> Requirement: Examine each line of the data, and copy the ones containing "path".

Items from a dataset:
━━━
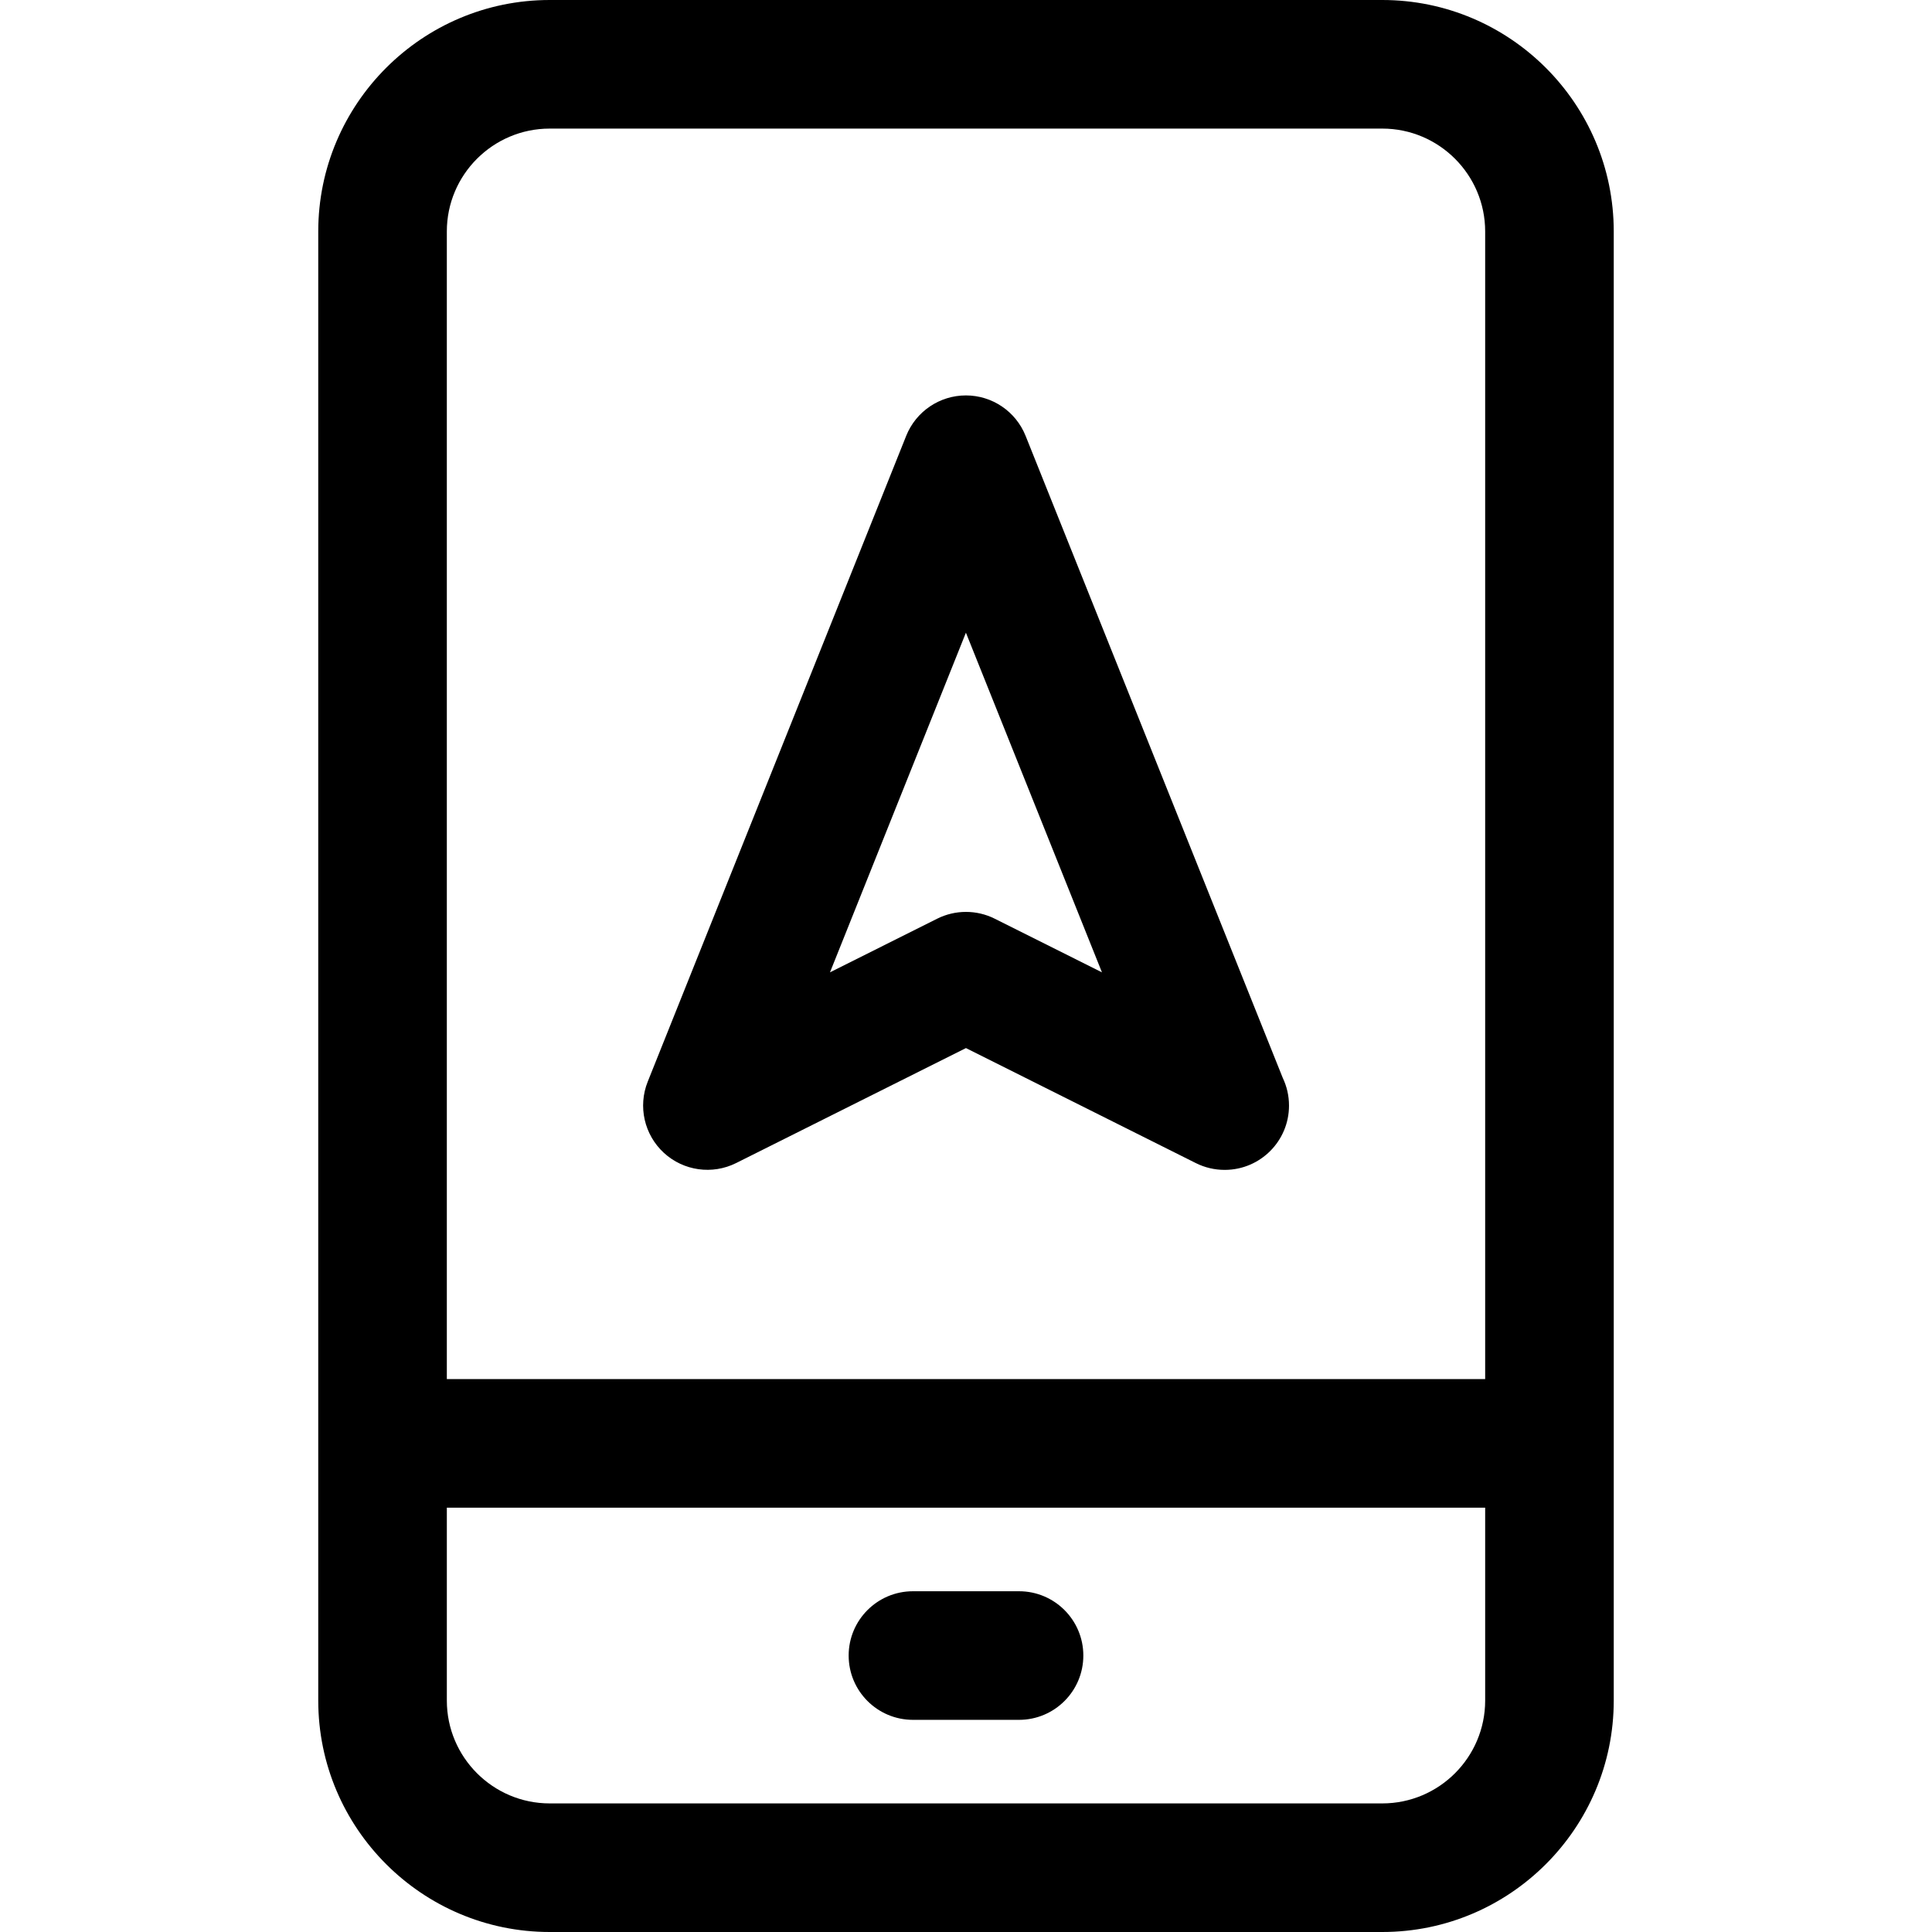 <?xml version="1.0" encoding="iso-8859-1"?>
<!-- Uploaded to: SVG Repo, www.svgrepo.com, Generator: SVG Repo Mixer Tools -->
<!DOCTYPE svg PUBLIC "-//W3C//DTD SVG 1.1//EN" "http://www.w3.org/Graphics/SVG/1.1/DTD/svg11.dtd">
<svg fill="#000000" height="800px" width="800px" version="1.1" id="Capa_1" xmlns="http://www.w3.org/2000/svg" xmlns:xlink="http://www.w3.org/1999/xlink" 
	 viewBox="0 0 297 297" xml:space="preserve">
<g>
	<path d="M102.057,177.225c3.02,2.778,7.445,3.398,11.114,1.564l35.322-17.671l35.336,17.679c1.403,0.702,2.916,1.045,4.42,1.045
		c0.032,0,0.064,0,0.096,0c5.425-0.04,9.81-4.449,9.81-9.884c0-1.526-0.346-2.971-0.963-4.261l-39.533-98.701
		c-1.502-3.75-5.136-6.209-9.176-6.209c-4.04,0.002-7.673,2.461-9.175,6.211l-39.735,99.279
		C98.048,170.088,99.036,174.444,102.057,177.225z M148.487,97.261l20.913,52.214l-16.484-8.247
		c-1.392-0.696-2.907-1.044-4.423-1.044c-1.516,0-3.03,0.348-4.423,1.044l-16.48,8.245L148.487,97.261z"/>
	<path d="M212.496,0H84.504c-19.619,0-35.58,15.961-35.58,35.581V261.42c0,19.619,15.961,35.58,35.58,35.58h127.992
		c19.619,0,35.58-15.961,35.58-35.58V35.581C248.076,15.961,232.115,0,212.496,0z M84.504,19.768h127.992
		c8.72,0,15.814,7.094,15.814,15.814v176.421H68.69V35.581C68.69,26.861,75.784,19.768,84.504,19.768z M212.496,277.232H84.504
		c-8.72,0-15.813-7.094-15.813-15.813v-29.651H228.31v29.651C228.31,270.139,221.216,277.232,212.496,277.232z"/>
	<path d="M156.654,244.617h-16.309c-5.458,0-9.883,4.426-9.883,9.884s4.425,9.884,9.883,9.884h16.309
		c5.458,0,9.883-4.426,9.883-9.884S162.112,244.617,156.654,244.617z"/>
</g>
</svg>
━━━
> Solution:
	<path d="M102.057,177.225c3.02,2.778,7.445,3.398,11.114,1.564l35.322-17.671l35.336,17.679c1.403,0.702,2.916,1.045,4.42,1.045
	<path d="M212.496,0H84.504c-19.619,0-35.58,15.961-35.58,35.581V261.42c0,19.619,15.961,35.58,35.58,35.58h127.992
	<path d="M156.654,244.617h-16.309c-5.458,0-9.883,4.426-9.883,9.884s4.425,9.884,9.883,9.884h16.309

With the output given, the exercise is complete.